What is being asked
Copy every entry in the listing below exactly, but not the pictures.

[Start of section]

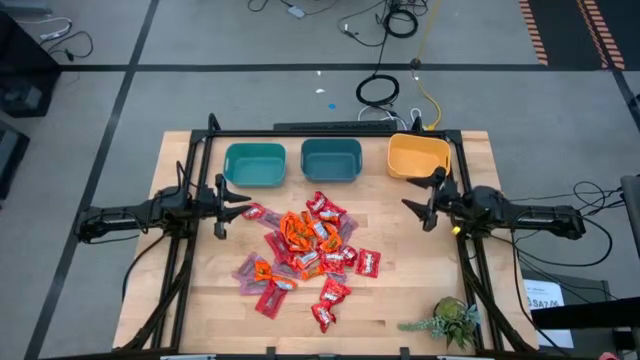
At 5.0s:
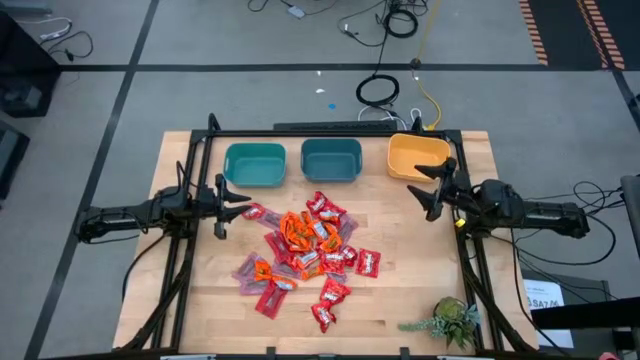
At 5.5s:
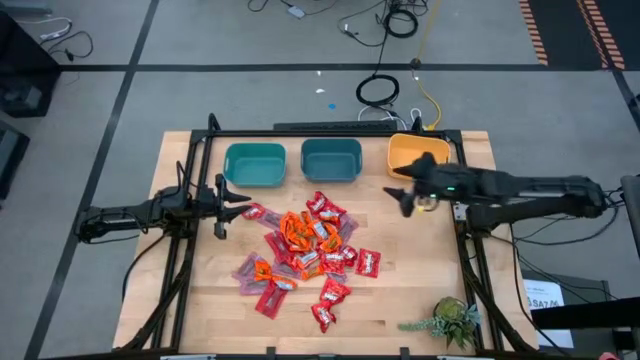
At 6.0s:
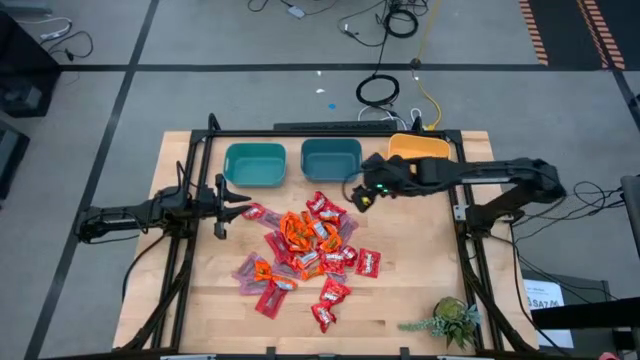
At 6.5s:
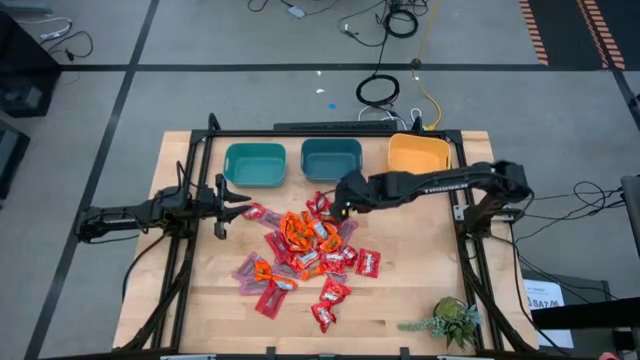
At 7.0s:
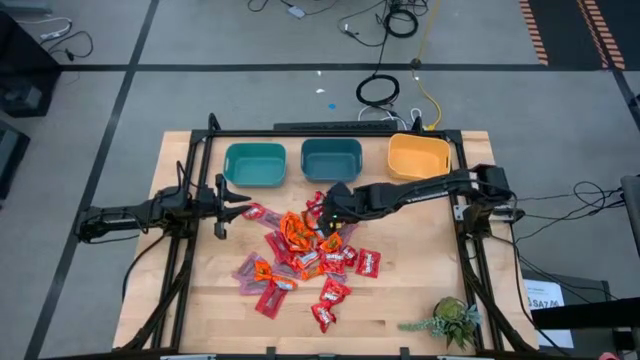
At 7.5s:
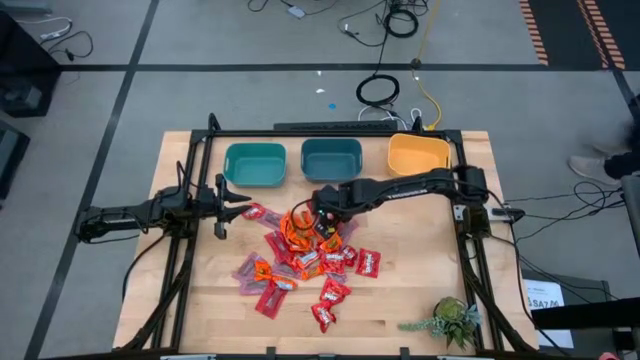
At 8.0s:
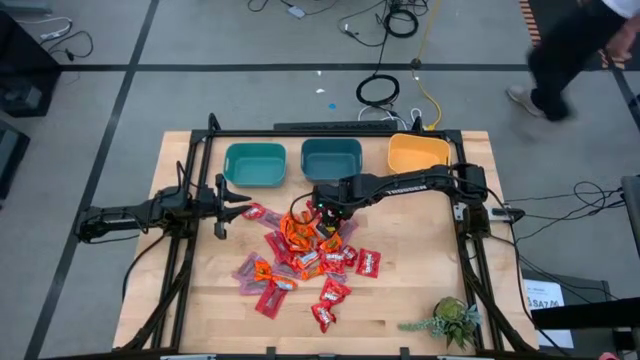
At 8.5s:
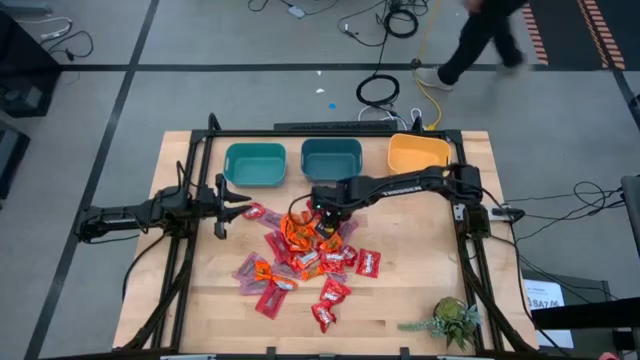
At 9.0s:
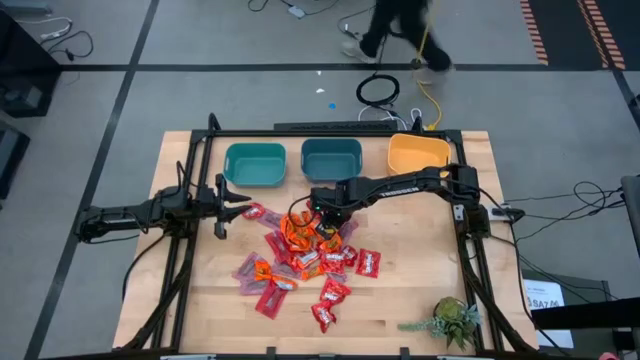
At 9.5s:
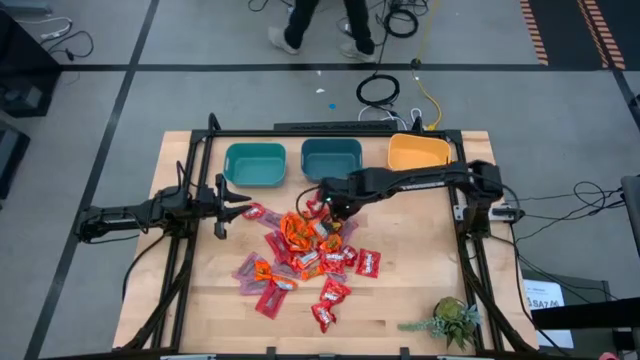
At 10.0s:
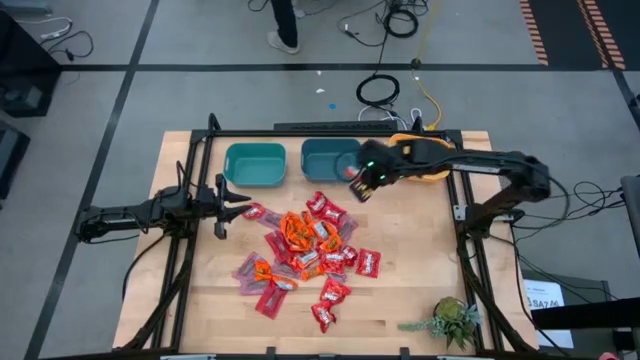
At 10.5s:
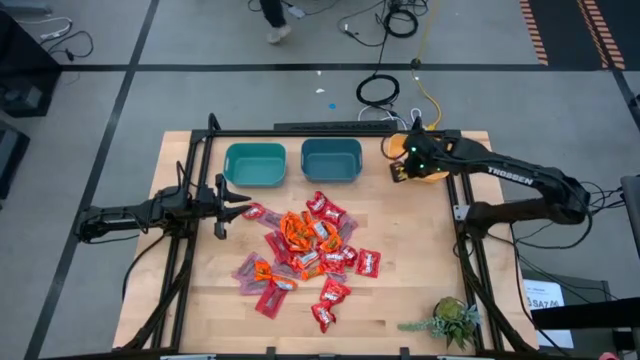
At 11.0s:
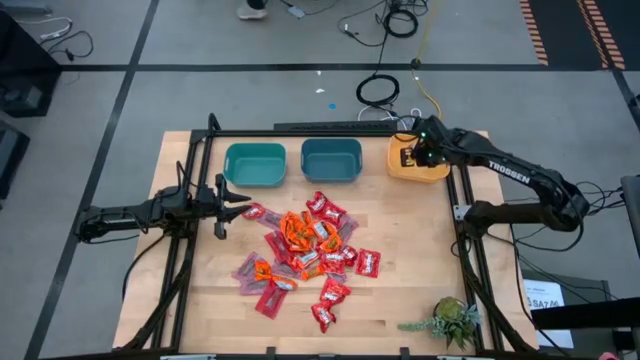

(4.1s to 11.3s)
Task: Sort candy
Put the orange chocolate into the yellow bin

[End of section]

Written answer
At 5.0s:
At 5.5s:
At 6.0s:
At 6.5s:
At 7.0s:
At 7.5s:
At 8.0s:
At 8.5s:
At 9.0s:
At 9.5s:
At 10.0s:
At 10.5s:
At 11.0s:

(4.1s to 11.3s)
Task: Sort candy
Put the orange chocolate into the yellow bin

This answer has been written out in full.